Princess Sophia's Precedence Act 1711
- Parliament of Great Britain
- Long title: An Act for settling the Precedence of the most Excellent Princess Sophia Electress and Dutchess Dowager of Hanover of the Elector Her Son and of the Electoral Prince the Duke of Cambridge.
- Citation: 10 Ann. c. 8; 10 Ann. c. 4;
- Territorial extent: Great Britain

Dates
- Royal assent: 9 February 1712
- Commencement: 7 December 1711

Other legislation
- Relates to: Act of Settlement 1701

Status: Current legislation

Text of statute as originally enacted

Revised text of statute as amended

Text of the Princess Sophia's Precedence Act 1711 as in force today (including any amendments) within the United Kingdom, from legislation.gov.uk.

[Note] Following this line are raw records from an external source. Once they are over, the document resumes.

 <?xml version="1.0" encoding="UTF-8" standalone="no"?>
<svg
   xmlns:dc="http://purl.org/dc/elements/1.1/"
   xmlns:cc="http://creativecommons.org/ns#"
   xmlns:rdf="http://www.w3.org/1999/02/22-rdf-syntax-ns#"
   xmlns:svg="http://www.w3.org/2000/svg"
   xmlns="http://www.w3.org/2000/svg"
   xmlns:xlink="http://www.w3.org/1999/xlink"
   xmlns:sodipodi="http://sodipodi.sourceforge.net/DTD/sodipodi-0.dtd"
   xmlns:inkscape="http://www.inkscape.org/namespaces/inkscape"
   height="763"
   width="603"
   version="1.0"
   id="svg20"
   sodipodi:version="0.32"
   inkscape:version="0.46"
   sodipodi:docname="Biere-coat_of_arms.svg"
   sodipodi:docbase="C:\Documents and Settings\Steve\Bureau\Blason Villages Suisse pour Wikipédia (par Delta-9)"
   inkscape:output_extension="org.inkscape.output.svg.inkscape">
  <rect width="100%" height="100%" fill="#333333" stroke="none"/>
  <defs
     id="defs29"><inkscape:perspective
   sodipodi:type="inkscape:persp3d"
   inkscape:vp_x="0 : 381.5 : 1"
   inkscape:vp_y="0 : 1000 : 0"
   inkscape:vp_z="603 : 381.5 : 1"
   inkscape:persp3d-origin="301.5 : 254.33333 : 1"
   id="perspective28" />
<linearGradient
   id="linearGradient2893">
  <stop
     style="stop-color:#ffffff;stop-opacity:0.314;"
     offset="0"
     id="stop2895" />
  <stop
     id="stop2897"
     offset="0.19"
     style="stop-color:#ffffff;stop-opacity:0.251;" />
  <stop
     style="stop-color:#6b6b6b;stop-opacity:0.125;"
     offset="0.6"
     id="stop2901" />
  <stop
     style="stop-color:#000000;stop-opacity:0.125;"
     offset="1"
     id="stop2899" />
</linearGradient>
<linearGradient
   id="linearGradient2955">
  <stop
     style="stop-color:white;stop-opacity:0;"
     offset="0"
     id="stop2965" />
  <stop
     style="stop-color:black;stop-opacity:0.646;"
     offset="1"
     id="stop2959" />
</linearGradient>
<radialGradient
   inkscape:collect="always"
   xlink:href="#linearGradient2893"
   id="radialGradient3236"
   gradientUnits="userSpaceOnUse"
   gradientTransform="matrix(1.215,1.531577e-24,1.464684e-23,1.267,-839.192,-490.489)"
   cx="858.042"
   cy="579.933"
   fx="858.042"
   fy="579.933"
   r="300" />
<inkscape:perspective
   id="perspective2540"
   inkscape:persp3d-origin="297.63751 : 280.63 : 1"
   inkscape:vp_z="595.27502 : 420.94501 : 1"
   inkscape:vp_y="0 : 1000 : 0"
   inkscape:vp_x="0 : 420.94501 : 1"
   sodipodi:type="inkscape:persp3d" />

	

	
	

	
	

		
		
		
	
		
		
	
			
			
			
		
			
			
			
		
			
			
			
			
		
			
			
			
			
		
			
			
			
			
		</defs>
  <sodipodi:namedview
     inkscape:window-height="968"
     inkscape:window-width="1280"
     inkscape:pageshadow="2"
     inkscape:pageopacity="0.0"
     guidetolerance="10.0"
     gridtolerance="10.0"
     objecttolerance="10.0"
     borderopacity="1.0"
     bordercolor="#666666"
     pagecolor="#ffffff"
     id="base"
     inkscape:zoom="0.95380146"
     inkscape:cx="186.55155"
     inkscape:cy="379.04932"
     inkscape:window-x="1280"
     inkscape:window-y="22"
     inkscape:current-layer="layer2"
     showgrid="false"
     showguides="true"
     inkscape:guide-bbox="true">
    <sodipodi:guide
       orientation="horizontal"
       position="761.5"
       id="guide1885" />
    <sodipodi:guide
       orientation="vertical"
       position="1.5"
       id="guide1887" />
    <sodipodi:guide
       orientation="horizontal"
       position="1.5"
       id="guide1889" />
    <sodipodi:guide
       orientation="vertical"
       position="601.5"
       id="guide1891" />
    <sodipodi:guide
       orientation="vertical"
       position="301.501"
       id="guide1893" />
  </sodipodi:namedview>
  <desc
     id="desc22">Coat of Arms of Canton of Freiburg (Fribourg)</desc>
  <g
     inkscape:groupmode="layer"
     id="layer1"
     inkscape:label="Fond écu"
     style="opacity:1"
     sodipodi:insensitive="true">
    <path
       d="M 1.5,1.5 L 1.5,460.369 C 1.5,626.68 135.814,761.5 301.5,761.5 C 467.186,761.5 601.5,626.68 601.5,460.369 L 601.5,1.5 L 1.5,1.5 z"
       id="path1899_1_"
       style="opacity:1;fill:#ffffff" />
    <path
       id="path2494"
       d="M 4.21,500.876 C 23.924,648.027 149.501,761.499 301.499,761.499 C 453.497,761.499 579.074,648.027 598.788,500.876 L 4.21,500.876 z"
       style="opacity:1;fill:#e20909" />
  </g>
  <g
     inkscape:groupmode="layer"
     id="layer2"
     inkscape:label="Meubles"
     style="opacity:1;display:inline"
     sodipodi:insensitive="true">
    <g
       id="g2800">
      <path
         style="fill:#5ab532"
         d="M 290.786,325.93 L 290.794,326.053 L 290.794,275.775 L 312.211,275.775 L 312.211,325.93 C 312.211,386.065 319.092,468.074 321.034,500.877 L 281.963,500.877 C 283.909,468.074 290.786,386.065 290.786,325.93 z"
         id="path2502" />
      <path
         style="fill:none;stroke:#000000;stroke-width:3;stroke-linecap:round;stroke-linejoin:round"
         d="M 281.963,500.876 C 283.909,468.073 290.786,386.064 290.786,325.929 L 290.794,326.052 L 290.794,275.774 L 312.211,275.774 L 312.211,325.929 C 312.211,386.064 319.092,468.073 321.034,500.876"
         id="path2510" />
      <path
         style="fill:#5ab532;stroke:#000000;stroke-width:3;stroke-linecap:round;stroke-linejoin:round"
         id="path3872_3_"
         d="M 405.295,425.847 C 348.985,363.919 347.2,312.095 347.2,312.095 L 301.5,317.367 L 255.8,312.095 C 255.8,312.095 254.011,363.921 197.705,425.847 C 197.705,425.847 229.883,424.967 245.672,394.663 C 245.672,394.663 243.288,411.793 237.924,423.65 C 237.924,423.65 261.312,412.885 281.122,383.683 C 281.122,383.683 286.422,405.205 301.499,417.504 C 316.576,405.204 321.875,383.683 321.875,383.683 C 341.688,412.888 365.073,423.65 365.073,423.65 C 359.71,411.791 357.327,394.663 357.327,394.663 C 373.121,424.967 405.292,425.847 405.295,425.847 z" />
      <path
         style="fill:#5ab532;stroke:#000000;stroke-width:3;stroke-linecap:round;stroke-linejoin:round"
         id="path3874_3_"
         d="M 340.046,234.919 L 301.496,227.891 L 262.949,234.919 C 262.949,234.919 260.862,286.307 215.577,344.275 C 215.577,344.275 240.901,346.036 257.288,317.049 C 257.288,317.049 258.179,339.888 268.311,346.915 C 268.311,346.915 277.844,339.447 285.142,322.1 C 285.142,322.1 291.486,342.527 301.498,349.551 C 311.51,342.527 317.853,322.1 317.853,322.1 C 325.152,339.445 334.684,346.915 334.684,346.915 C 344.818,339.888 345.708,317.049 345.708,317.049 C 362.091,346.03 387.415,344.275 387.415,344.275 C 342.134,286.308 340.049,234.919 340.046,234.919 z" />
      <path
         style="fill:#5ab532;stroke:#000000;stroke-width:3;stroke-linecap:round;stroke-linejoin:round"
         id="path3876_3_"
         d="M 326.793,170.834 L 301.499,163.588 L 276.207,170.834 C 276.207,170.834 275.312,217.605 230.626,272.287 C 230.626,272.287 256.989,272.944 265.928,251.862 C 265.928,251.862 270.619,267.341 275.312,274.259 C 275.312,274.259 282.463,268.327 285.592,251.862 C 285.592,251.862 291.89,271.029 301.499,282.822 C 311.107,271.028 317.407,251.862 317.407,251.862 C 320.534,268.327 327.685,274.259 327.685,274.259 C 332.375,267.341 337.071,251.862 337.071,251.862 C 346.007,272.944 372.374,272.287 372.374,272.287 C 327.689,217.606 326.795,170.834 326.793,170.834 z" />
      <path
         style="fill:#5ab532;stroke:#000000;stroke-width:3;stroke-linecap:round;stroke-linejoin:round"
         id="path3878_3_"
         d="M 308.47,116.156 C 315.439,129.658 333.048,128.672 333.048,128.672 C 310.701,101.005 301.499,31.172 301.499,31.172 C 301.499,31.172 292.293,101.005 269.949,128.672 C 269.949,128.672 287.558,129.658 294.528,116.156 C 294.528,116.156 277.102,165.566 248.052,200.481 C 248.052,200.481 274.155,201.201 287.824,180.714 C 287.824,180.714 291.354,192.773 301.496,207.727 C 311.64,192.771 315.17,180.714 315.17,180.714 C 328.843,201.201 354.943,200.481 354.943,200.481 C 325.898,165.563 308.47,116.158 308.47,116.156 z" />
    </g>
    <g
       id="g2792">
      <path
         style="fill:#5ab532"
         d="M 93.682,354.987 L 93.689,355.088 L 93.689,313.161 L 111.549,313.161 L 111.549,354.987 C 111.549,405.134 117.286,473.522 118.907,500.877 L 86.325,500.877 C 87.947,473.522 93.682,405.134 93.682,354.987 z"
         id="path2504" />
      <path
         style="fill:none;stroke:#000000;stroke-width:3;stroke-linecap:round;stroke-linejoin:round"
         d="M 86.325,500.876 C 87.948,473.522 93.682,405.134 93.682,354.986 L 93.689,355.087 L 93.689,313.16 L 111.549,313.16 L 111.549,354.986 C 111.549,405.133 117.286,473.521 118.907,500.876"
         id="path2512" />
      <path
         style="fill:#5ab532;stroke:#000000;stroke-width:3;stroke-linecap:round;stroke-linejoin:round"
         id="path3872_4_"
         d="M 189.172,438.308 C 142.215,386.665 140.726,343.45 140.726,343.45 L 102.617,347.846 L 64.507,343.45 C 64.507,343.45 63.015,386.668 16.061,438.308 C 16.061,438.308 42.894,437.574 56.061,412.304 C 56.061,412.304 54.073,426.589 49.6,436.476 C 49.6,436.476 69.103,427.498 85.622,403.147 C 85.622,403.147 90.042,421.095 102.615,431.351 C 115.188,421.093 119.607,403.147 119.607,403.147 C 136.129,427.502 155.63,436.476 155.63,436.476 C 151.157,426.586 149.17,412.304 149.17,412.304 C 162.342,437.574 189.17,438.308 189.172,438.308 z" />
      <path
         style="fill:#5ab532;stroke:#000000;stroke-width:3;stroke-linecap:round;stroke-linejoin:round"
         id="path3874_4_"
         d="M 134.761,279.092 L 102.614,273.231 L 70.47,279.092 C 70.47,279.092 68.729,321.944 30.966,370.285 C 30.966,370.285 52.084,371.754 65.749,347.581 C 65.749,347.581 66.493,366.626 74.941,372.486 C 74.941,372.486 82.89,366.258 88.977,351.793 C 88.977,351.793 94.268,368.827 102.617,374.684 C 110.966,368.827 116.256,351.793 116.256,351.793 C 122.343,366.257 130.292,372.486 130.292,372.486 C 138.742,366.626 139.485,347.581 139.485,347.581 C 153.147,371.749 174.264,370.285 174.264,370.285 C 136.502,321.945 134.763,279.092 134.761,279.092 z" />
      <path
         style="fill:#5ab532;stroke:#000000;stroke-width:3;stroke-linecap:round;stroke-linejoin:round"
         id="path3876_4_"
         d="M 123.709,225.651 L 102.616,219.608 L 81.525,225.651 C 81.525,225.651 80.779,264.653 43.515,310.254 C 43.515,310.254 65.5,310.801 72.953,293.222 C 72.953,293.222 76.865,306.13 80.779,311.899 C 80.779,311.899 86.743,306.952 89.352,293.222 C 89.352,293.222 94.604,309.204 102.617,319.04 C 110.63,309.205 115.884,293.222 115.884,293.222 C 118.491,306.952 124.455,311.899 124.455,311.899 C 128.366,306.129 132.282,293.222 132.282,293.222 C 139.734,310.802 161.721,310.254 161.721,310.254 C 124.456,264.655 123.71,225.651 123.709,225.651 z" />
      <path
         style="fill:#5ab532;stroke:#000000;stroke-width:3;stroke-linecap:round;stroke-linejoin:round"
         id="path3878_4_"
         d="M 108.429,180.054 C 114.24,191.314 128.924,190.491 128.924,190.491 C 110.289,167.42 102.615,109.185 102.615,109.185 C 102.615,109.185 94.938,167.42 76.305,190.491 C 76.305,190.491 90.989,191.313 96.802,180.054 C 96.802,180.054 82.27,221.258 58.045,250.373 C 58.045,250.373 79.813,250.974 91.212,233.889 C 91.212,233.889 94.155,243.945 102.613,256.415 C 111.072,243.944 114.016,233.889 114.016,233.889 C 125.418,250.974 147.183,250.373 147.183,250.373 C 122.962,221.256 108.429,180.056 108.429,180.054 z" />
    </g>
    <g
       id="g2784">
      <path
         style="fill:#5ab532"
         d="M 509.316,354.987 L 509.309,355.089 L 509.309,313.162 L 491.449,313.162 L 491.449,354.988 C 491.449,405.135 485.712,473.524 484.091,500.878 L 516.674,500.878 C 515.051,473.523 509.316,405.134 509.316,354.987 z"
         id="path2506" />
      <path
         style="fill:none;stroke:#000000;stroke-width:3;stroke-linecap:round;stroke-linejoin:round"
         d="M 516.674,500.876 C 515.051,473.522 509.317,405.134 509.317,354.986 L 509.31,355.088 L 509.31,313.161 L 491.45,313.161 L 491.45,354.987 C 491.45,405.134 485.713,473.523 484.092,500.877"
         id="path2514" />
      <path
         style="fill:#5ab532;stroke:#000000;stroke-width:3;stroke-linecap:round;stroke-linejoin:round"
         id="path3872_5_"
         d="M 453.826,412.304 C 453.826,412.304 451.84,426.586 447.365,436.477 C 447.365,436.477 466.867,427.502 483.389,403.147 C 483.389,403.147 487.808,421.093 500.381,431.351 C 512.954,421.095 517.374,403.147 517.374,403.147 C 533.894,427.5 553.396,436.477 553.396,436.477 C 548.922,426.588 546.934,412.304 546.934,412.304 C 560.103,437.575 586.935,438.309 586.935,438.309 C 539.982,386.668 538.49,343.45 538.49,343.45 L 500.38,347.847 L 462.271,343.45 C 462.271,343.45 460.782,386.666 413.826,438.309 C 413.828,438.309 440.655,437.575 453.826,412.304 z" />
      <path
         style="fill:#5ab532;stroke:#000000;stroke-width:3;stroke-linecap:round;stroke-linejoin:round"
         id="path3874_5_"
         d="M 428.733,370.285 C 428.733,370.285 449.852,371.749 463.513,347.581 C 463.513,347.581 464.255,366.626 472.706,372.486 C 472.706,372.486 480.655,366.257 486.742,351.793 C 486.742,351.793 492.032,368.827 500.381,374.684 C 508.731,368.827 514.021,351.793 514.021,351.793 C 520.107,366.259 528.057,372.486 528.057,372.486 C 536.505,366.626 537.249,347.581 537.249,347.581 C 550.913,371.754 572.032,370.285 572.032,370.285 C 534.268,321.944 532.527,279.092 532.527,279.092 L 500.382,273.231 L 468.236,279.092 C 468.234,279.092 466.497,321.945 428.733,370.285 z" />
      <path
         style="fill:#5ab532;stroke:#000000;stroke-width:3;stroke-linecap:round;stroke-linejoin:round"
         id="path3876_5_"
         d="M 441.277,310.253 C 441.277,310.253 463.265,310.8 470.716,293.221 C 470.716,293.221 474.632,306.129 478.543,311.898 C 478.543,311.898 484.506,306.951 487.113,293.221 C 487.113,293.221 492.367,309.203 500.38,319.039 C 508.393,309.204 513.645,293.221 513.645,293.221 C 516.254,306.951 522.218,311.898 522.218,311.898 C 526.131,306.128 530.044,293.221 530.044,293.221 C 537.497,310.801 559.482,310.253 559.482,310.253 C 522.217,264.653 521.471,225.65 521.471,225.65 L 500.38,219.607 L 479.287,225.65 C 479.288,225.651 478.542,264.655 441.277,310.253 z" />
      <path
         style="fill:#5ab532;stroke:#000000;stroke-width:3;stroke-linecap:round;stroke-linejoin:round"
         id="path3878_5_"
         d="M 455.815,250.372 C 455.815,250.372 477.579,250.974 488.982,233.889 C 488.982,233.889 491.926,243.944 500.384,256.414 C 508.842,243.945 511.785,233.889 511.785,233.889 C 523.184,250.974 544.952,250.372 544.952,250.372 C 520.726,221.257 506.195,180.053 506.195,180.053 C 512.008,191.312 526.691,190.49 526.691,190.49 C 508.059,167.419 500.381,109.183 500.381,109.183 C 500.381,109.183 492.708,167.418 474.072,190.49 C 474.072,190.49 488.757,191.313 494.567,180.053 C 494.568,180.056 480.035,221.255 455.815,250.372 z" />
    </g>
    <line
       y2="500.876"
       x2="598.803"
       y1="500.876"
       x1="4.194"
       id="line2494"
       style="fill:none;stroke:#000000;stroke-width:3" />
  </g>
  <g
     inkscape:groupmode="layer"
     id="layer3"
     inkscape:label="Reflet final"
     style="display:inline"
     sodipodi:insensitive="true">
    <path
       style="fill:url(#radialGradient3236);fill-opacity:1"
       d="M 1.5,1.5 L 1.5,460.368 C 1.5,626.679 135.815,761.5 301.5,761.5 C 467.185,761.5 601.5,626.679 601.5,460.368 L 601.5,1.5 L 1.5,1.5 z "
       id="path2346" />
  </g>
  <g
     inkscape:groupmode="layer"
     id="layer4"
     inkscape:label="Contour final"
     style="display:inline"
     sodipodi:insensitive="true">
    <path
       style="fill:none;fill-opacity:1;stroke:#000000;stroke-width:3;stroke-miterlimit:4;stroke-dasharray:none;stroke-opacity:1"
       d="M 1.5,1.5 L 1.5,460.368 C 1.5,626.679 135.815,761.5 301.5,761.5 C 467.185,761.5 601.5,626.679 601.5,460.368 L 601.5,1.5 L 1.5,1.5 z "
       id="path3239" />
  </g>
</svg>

= Princess Sophia's Precedence Act 1711 =

Act of the Parliament of Great Britain

The Princess Sophia's Precedence Act 1711 (10 Ann. c. 8) is an act of the Parliament of Great Britain.

It reiterated the Act of Settlement 1701 (12 & 13 Will. 3. c. 2) that the line of succession to the British throne, in the absence of any children of Queen Anne, passed directly to Electress Sophia of Hanover and "the heirs of her body being Protestants". As such, Sophia was heir presumptive, followed by her children.

This being so, it provided that the formal order of precedence be modified to reflect this; Sophia was given precedence after Queen Anne, followed by her son George; any other Protestant heirs of Sophia were to take precedence before the Archbishop of Canterbury, the great officers of state, and the nobility, effectively ranking them with the royal family.

As of 2025, the act was wholly in force in Great Britain.